I rigged it Carolina style with a bead. Since then I've upgraded to 2ox bank sinkers, they don't get hung up as bad. Best fish since then is 4.8 pounds (sitting at 2nd place in the GBBT sheapshead tourney)


----------



## gulfbreezetom (Jun 12, 2012)

RandyGuy said:


> Nice. what was the biggest?


3.56 pounds. I weighed it at GBBT for the tourney. At the time it was third place.


----------



## RandyGuy (Dec 20, 2014)

Size of the fish in 1st and 4th


----------



## gulfbreezetom (Jun 12, 2012)

RandyGuy said:


> Size of the fish in 1st and 4th


As of last Saturday first was 4.9something and I don't know what 4th is. It may have changed by now. I'm upgrading tackle tonight and trying to find a 10#er tomorrow.


----------



## bdyboarder86 (Apr 25, 2013)

So do you have to register first to weigh in fish or can you bring in a fish and register at the same time?


----------



## bdyboarder86 (Apr 25, 2013)

How much to register and when does the tourney end?


----------



## Yakavelli (Mar 17, 2010)

No tourney will let you weigh fish and register at the same time.

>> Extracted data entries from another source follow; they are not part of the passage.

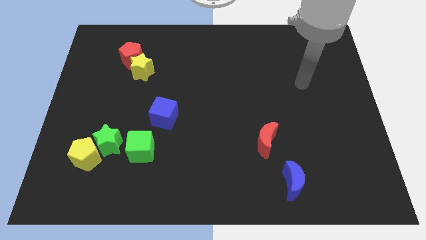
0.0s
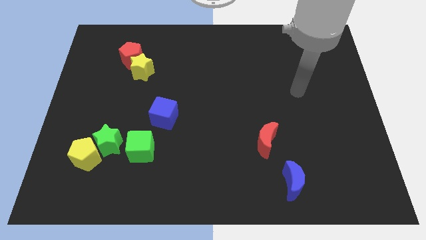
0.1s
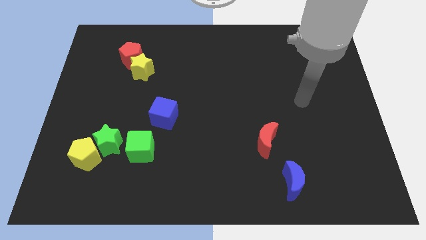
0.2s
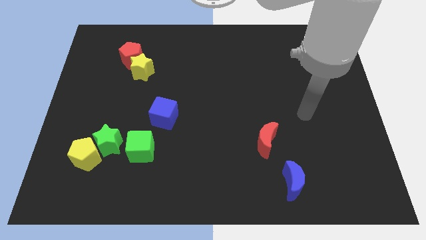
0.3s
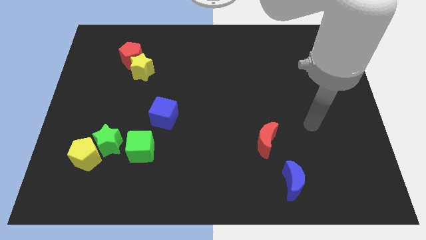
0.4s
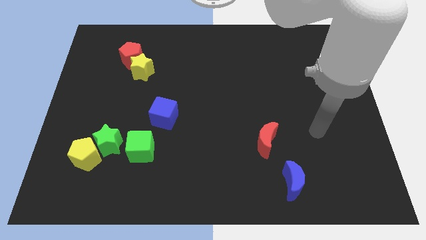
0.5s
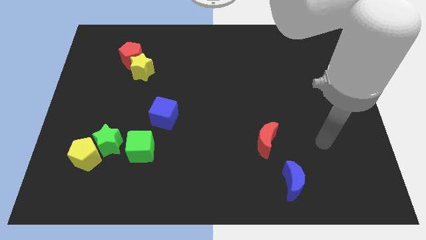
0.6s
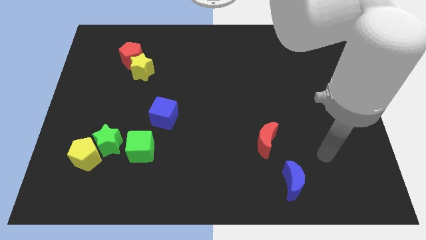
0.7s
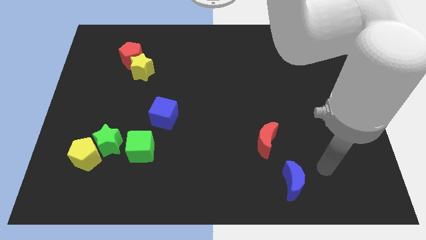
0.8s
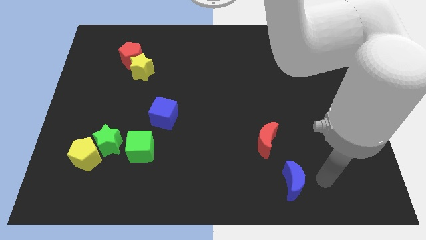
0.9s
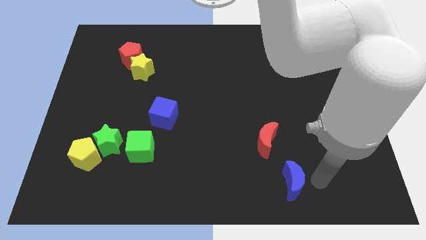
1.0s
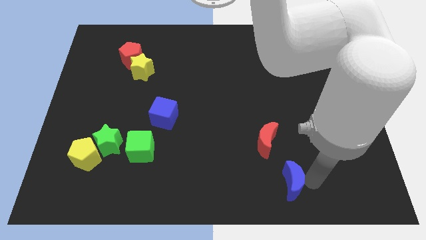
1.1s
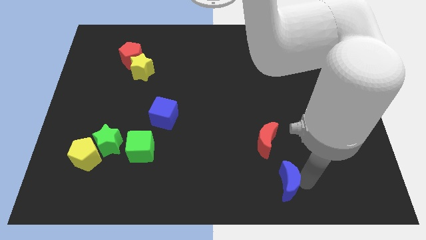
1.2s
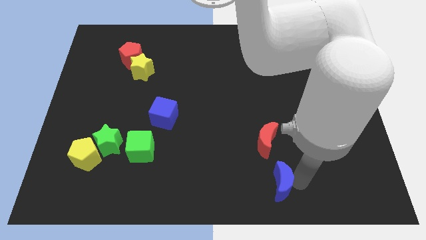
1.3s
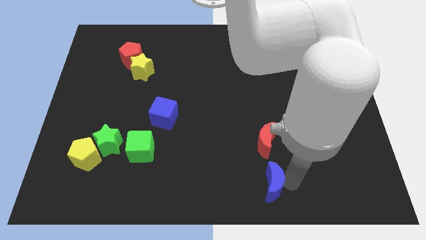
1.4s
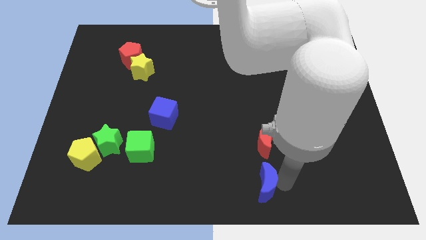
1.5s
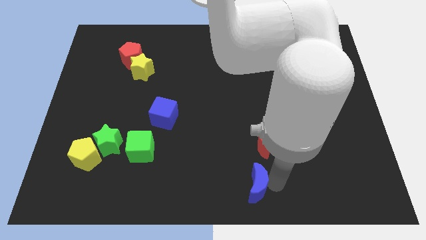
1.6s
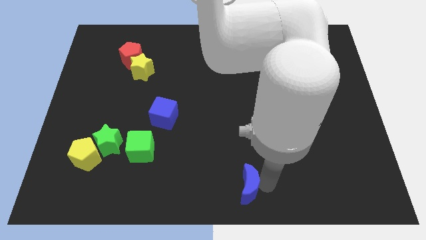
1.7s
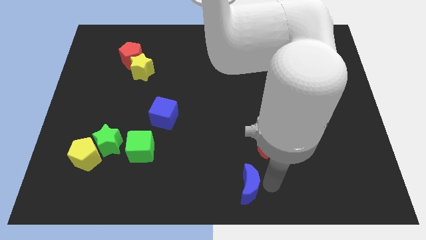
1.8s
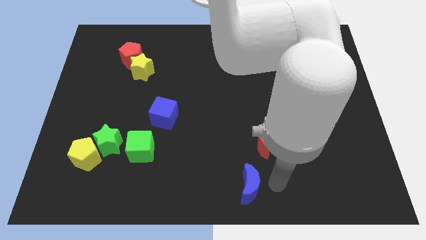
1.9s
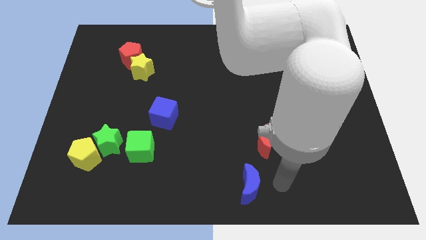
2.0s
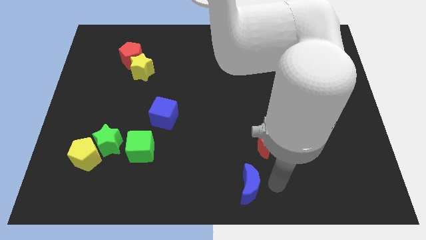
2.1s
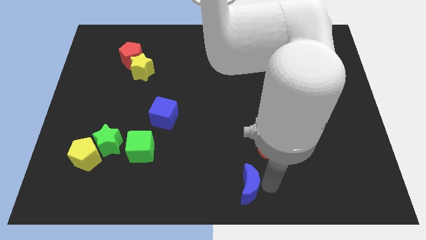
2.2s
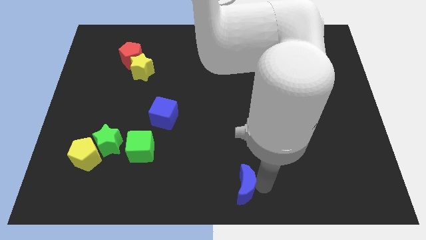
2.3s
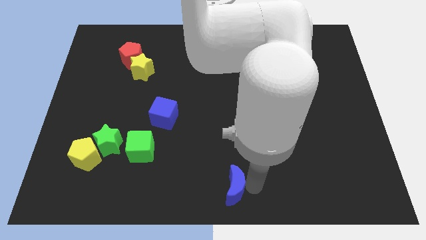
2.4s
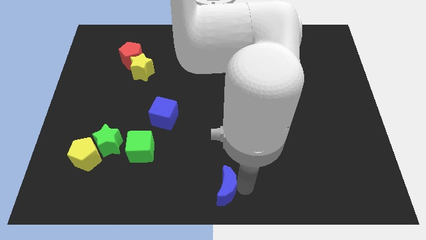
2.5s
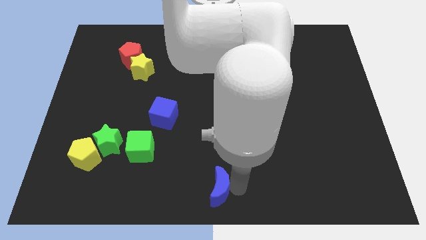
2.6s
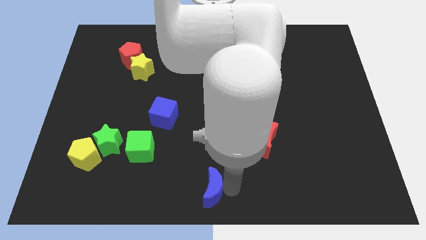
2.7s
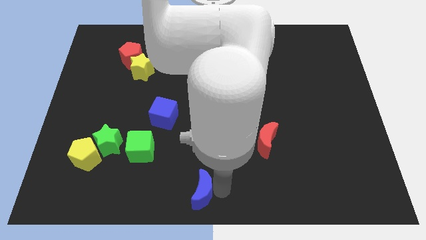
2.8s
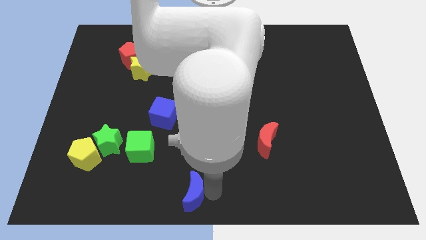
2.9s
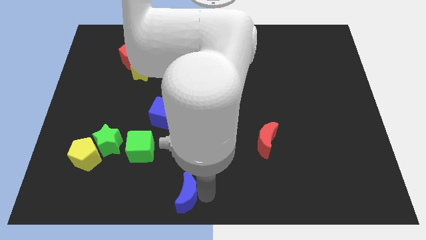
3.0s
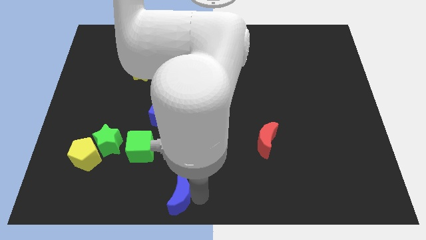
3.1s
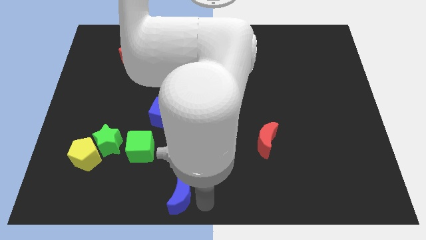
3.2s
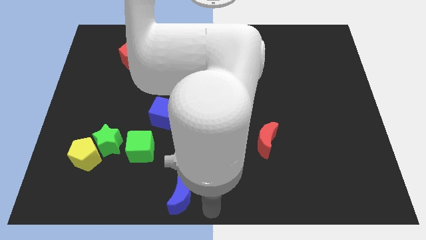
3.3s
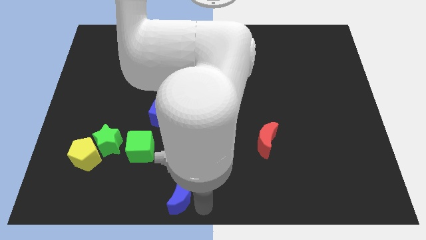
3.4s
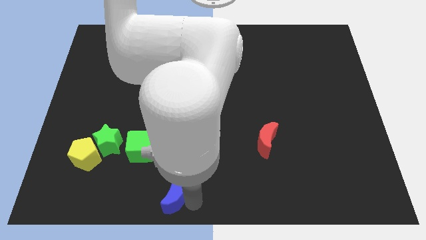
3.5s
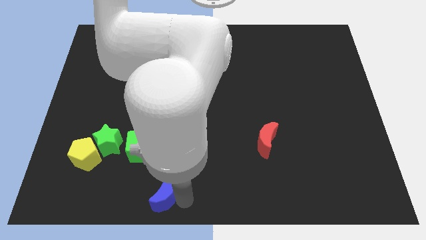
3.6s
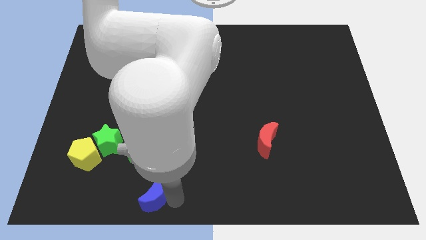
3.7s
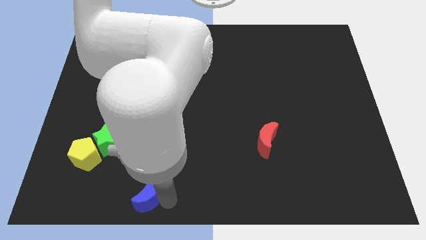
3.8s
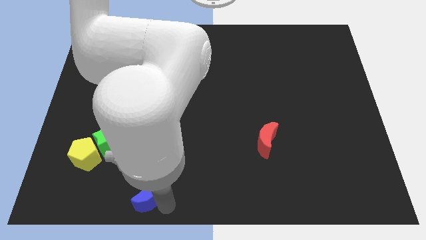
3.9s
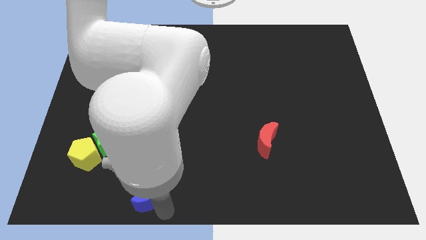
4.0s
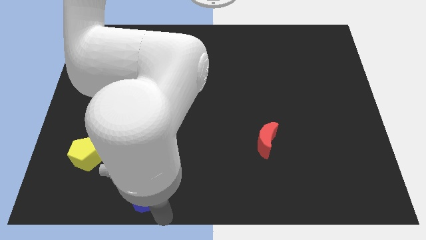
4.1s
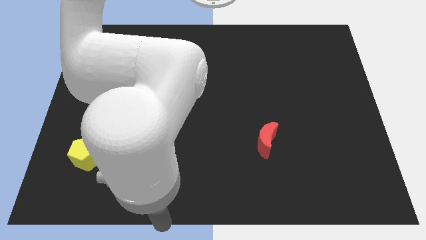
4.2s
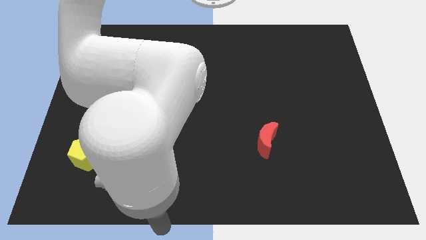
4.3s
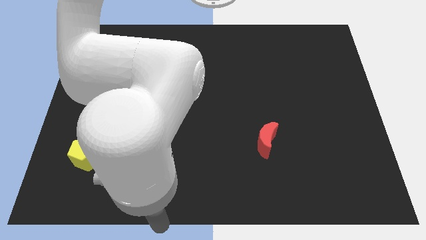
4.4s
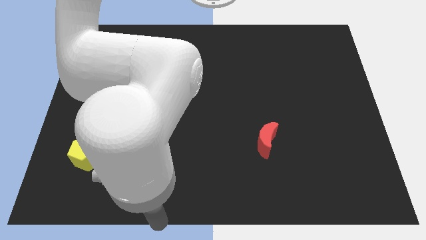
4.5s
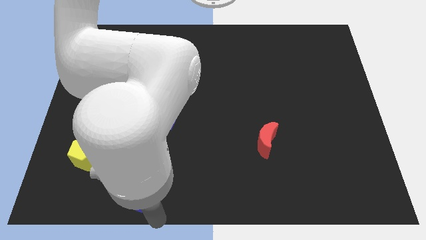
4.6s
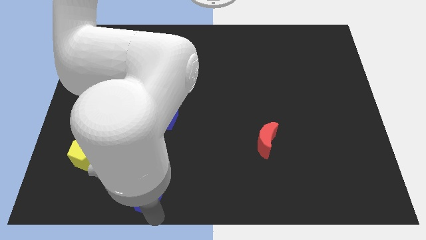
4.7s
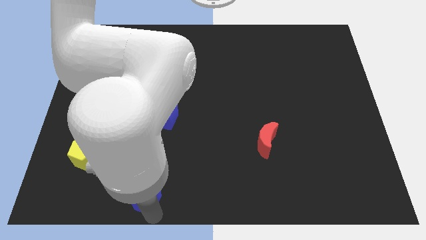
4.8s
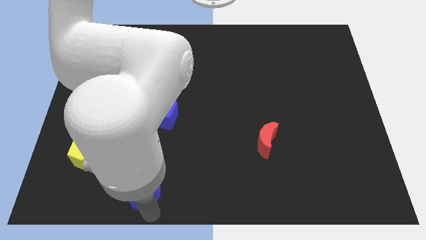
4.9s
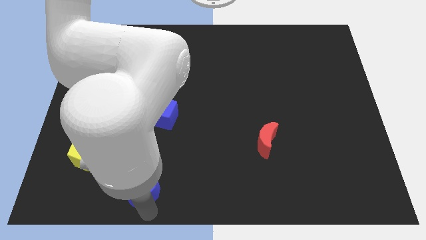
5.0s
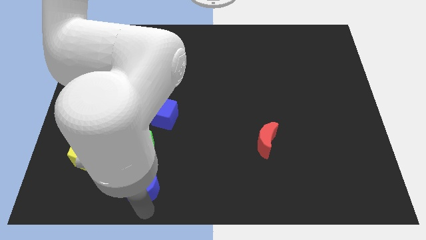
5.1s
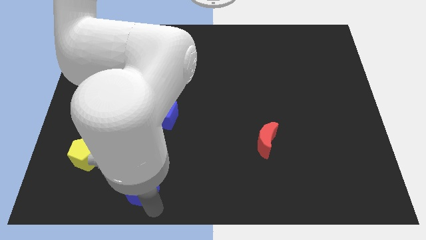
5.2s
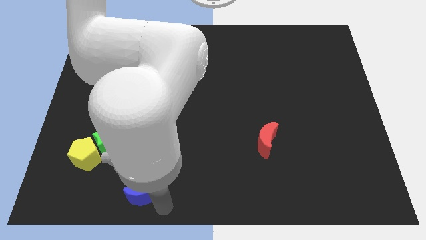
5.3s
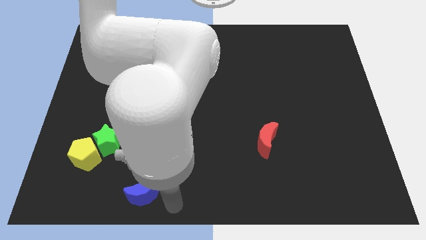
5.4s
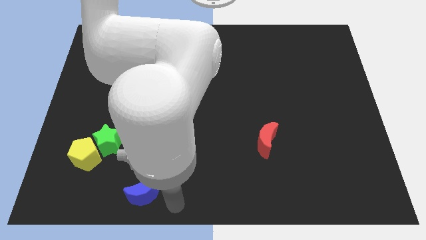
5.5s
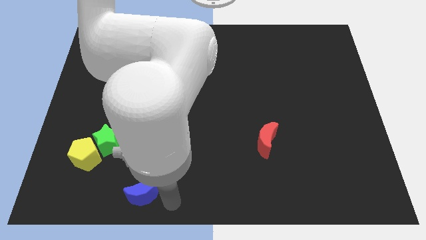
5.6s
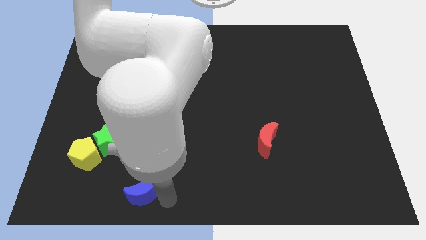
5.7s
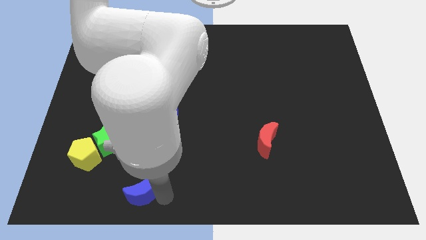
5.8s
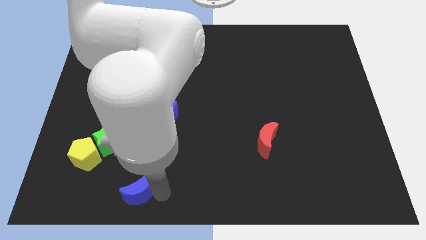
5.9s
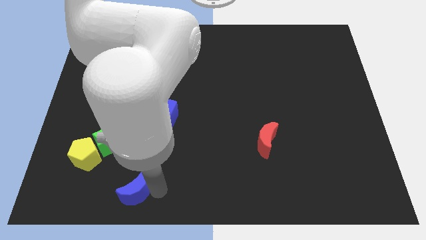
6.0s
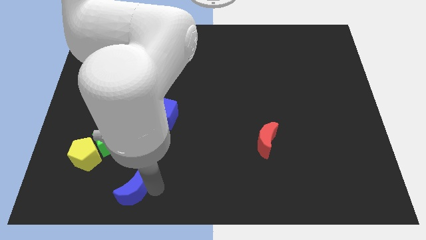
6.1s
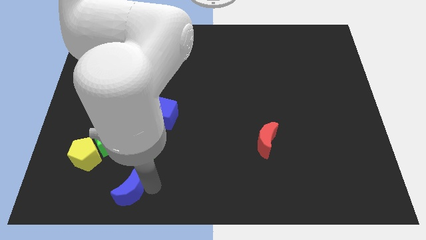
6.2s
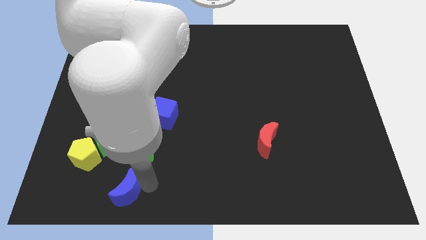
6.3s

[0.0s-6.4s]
move the blue moon to the bottom right side of the yellow pentagon

*Sent from my SCH-I545 using Forum Fiend v1.3.*


----------



## R33lF1sh3r88 (Feb 12, 2014)

It is a 10 dollar entry I believe and you have to wait 24 hours after registering to be able to weigh fish, and as far as the length I want to say it is until atleast end of February possibly end of march, can't remember dates off the tip of my head. If it is done same as last year they do weekly winners for small gift certificates in store and doe 3-4 large prize winners at the end.


----------



## tips n tails (Mar 2, 2011)

How much would you say a 23" sheepshead weighed?


----------



## bdyboarder86 (Apr 25, 2013)

You can tell how much I know abt tournaments lol


----------



## R33lF1sh3r88 (Feb 12, 2014)

A 2 3 inch sheephead would average around 5 and half to 6 lbs


----------